Submitted to: Science of the Total Environment
Publication Type: Peer Reviewed Journal
Publication Acceptance Date: 5/30/2016
Publication Date: 6/6/2016
Citation: Liu, S., Zhu, Y., Wu, F., Meng, W., He, Z., Geisy, J.P. 2016. Characterization of plant-derived carbon and phosphorus in lakes by sequential fractionation and NMR spectroscopy. Science of the Total Environment. 566-567:1398-1409.

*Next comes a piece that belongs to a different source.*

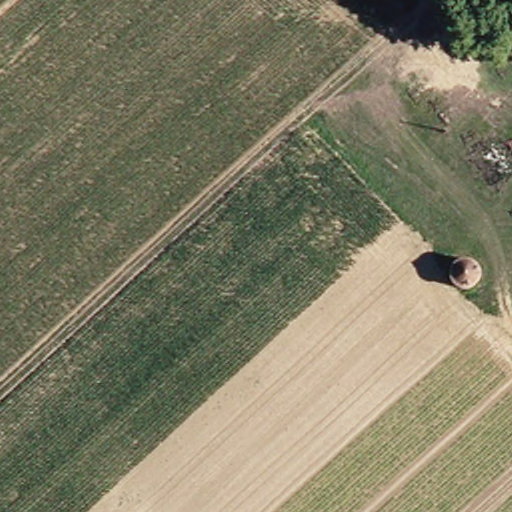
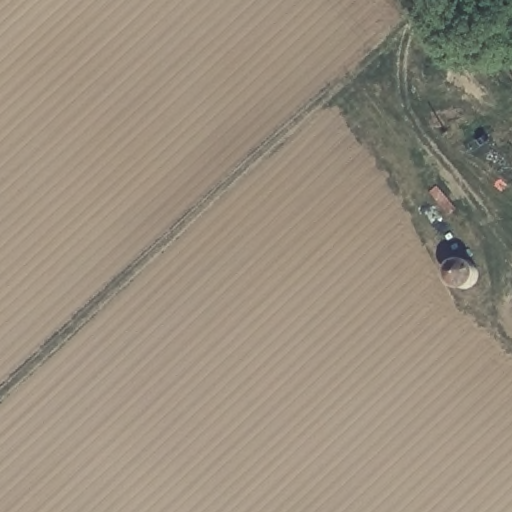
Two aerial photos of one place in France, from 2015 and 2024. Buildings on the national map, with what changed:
unchanged [(471,283),(467,289),(463,293),(457,294),(450,292),(445,287),(442,280),(443,275),(447,269),(452,265),(462,265),(465,268),(470,273),(471,279),(471,283)]

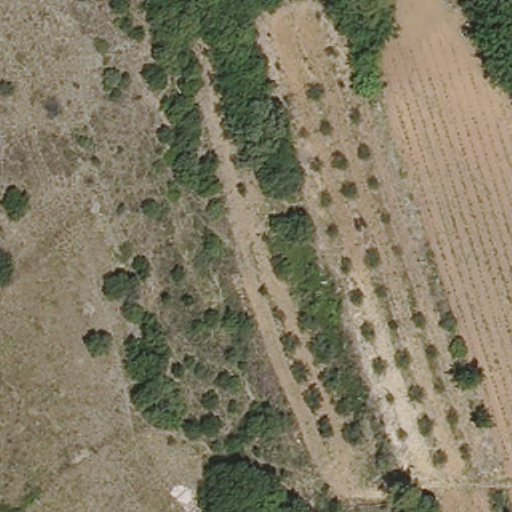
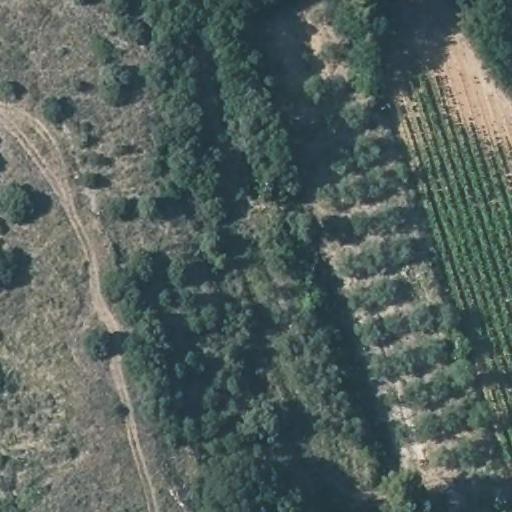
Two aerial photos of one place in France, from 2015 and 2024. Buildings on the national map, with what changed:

Interpretive Summary: Debris from aquatic macrophytes is one of the most important endogenous sources of organic matter (OM) and nutrients in lakes. Death and decomposition of aquatic macrophytes play an important role on biogeochemical cycling of nutrients including carbon (C), and phosphorus (P) in lakes. In this study, a three-step fractionation procedure was applied to separate C (organic matter) and P of aquatic plants into four pools, and characterized by chemical analysis and 31P and 13C NMR spectroscopy. Per the observations in this work, we proposed that those forms of C and P in the H2O, NaOH and HCl fractions are labile and bioavailable components, and the residues would be accumulated and preserved in sediments. The results would be helpful in understanding contributions from aquatic macrophytes and biogeochemical cycling in eutrophic lakes.

Technical Abstract: Although debris from aquatic macrophytes is one of the most important endogenous sources of organic matter (OM) and nutrients in lakes, its biogeochemical cycling and contribution to internal load of nutrients in eutrophic lakes are still poorly understood. In this study, sequential fractionation by H2O, 0.1 M NaOH and 1.0 M HCl, combined with 13C and 31P NMR spectroscopy, was developed to characterize C and P in six aquatic plants collected from Tai Lake (Ch: Taihu), China. Per total organic carbon (TOC), organic matter unequally distributed in H2O (21.2%), NaOH (29.9%), HCl (3.5%) and residual (45.3%) fractions. For P in aquatic plants, 53.3% can be extracted by H2O, 31.9% by NaOH, and 11% by HCl, with 3.8% in the residual fractions. Predominant OM components extracted by water and NaOH were carbohydrates and aliphatic acids, whereas inorganic P (Pi) was the primary P species in water fractions, organic P (Po) was primary P species in NaOH fractions. The subsequent HCl extracted fewer C and P species. Per these observations, we proposed that those forms of C and P in the H2O, NaOH and HCl fractions are labile and bioavailable components. Thus, 54.7% of OM and 96.2% of P in debris of aquatic plants were evaluated as potential bioavailable. The residues would be accumulated and preserved in sediments. The results would be helpful in understanding contributions from aquatic macrophytes and biogeochemical cycling in eutrophic lakes.